Moreover, historians and the media have scrutinized the decisions of presidential doctors and others dealing with sick or recovering presidents.

Some historians, for example, criticize the Reagan administration for not invoking the amendment when Reagan was shot and recuperating from debilitating surgery.

"I think the 25th Amendment should have been invoked," Gilbert says. "There was a period of 10 to 15 hours where Ronald Reagan could not have responded to a crisis. He was out of communication. He was under anesthesia for three hours, then he was in the recovery room."

When President George H.W. Bush succeeded Reagan, he established elaborate -- and classified -- contingency plans covering medical emergencies but never needed them. President Clinton planned to invoke the 25th Amendment if an operation to repair a torn quadriceps tendon had required general anesthesia, but it didn't.

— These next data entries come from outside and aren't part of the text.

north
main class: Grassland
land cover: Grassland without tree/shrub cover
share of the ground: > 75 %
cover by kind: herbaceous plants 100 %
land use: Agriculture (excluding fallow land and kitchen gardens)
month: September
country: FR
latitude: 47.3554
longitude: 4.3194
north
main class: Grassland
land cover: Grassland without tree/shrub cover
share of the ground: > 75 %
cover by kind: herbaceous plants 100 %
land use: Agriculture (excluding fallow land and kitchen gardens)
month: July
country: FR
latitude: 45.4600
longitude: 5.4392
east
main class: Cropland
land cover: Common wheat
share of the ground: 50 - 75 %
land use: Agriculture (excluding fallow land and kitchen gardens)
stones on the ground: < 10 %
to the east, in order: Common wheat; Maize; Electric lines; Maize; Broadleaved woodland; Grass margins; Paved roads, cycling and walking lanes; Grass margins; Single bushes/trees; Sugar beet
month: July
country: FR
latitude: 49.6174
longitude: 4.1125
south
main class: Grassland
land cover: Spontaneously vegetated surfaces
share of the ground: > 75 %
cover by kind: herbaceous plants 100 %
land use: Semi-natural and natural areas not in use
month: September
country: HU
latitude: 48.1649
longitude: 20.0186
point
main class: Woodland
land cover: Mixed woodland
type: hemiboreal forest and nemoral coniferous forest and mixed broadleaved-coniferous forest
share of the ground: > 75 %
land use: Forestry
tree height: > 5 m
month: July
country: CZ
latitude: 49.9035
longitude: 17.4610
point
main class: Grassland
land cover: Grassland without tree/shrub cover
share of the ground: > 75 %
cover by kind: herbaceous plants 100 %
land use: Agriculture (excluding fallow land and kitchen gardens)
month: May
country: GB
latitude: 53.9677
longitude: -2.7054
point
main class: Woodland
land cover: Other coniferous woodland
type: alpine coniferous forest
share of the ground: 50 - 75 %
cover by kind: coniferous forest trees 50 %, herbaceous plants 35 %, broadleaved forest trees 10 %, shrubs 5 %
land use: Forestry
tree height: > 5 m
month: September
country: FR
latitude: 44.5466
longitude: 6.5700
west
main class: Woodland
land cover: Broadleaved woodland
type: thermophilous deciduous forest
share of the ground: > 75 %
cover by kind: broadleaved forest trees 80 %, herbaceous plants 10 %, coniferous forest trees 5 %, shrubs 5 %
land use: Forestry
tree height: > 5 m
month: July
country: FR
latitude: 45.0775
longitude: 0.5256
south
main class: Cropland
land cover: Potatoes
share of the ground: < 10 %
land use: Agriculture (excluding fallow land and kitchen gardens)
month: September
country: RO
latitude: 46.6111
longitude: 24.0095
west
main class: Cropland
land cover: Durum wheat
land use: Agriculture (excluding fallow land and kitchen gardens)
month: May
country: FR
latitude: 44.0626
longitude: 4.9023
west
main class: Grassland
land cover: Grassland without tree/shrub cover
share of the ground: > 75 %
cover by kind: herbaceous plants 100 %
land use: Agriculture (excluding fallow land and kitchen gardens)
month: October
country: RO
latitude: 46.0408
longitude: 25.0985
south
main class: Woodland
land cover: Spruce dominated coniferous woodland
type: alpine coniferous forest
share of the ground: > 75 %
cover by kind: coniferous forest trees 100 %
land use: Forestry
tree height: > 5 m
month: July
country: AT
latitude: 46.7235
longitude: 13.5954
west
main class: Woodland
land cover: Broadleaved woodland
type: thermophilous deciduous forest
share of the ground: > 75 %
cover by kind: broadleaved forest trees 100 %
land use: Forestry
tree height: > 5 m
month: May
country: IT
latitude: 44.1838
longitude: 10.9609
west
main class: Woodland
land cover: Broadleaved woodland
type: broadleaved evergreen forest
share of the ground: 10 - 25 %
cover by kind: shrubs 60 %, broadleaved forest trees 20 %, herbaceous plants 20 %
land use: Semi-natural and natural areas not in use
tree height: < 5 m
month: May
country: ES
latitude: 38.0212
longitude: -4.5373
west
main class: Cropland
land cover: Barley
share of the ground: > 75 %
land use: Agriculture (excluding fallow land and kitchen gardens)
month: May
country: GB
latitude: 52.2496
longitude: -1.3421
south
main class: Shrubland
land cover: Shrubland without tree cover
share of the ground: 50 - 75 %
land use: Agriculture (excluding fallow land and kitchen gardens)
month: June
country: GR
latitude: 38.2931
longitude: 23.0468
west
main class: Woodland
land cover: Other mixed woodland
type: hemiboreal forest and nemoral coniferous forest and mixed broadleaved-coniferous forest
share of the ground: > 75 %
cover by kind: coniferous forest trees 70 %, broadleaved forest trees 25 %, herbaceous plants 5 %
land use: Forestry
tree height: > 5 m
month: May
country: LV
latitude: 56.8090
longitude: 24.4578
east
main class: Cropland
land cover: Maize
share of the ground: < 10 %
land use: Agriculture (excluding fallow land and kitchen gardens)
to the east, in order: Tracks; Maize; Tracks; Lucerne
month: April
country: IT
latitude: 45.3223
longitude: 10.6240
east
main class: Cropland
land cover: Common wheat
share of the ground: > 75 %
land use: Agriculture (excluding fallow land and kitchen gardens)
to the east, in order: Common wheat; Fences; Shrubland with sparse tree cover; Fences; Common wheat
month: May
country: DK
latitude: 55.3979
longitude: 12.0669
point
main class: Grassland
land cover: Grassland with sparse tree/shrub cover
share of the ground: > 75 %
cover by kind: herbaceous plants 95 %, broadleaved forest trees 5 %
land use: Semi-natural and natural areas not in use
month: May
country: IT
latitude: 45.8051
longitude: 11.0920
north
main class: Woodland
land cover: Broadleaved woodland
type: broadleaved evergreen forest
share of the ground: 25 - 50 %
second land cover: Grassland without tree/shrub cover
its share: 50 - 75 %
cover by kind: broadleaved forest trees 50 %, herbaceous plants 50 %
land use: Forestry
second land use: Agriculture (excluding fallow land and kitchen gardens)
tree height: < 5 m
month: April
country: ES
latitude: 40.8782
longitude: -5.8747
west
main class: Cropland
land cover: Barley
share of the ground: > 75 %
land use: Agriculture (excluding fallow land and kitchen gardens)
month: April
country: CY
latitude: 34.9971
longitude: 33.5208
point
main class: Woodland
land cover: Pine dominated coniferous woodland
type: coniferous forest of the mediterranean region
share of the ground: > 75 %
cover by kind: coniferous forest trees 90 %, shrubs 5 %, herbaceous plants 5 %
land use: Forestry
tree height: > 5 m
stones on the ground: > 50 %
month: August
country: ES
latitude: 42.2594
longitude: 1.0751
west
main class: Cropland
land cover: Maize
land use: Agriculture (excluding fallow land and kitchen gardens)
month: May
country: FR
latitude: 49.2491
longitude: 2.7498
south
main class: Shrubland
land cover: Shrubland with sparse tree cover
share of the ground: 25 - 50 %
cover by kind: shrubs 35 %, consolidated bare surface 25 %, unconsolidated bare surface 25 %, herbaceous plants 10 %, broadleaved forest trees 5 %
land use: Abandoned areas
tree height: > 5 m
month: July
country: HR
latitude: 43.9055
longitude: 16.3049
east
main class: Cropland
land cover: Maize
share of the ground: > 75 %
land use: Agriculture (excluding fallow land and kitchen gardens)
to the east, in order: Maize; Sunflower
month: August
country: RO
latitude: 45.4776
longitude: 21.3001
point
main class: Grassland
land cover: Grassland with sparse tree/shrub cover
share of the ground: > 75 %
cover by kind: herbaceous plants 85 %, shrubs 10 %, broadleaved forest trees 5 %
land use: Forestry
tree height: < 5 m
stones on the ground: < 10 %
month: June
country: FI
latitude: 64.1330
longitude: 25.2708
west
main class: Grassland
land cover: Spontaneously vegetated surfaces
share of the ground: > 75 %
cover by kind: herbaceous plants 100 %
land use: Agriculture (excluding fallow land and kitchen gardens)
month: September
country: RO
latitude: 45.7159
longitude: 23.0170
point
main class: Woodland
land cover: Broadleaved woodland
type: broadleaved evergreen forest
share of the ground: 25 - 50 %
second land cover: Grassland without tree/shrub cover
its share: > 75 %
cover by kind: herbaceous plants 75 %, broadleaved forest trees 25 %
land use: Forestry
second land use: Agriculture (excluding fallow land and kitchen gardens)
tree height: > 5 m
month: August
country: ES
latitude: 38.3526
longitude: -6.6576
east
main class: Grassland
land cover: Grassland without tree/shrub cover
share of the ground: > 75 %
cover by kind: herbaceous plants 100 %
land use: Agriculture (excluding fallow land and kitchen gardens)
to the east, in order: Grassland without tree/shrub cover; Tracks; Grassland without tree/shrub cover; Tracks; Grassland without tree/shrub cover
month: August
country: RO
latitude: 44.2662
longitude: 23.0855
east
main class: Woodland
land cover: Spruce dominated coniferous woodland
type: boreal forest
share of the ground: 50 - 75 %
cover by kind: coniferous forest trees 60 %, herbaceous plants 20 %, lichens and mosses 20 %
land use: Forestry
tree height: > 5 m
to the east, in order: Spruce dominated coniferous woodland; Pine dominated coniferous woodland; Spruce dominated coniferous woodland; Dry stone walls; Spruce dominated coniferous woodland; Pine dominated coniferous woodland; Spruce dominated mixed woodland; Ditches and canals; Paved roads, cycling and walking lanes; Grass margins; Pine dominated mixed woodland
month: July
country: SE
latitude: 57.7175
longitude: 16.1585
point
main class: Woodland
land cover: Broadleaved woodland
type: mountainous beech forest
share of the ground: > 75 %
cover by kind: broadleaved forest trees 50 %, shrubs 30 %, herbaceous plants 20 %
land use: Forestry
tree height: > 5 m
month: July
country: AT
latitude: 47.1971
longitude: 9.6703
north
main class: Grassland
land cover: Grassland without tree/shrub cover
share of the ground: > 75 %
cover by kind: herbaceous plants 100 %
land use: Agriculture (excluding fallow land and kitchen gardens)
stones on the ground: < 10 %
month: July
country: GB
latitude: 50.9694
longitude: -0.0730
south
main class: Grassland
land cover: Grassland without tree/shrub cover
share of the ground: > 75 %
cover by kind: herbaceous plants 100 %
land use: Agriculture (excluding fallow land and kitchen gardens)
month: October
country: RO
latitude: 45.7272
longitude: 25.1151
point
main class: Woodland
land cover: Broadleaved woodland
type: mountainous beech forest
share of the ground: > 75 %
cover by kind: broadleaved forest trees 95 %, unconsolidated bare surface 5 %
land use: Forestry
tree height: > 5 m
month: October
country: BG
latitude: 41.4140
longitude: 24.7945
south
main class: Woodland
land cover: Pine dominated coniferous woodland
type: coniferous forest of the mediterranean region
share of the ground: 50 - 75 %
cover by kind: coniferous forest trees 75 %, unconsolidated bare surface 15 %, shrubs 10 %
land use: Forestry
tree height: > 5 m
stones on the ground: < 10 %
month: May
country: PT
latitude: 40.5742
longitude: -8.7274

President George W. Bush made history June 29, 2002, when he underwent a routine colonoscopy and invoked the 25th Amendment. The procedure required the commander in chief to be anesthetized for a few hours.

Before the procedure, Bush signed letters to House Speaker Dennis Hastert and Sen. Robert Byrd of West Virginia, transferring presidential authority to Vice President Dick Cheney under the 25th Amendment. Bush resumed power a few hours later.

Asked at the time about the decision to transfer power, Bush said, "I did so because we're at war, and I just want to be super-cautious."

Care and advice from the White House medical unit can influence a president's often-agonizing decision, Mariano says.

These doctors have the power to influence the president's life -- and thus, the nation as a whole.

"This is a patient like no other," she says. "Their decisions affect millions of lives."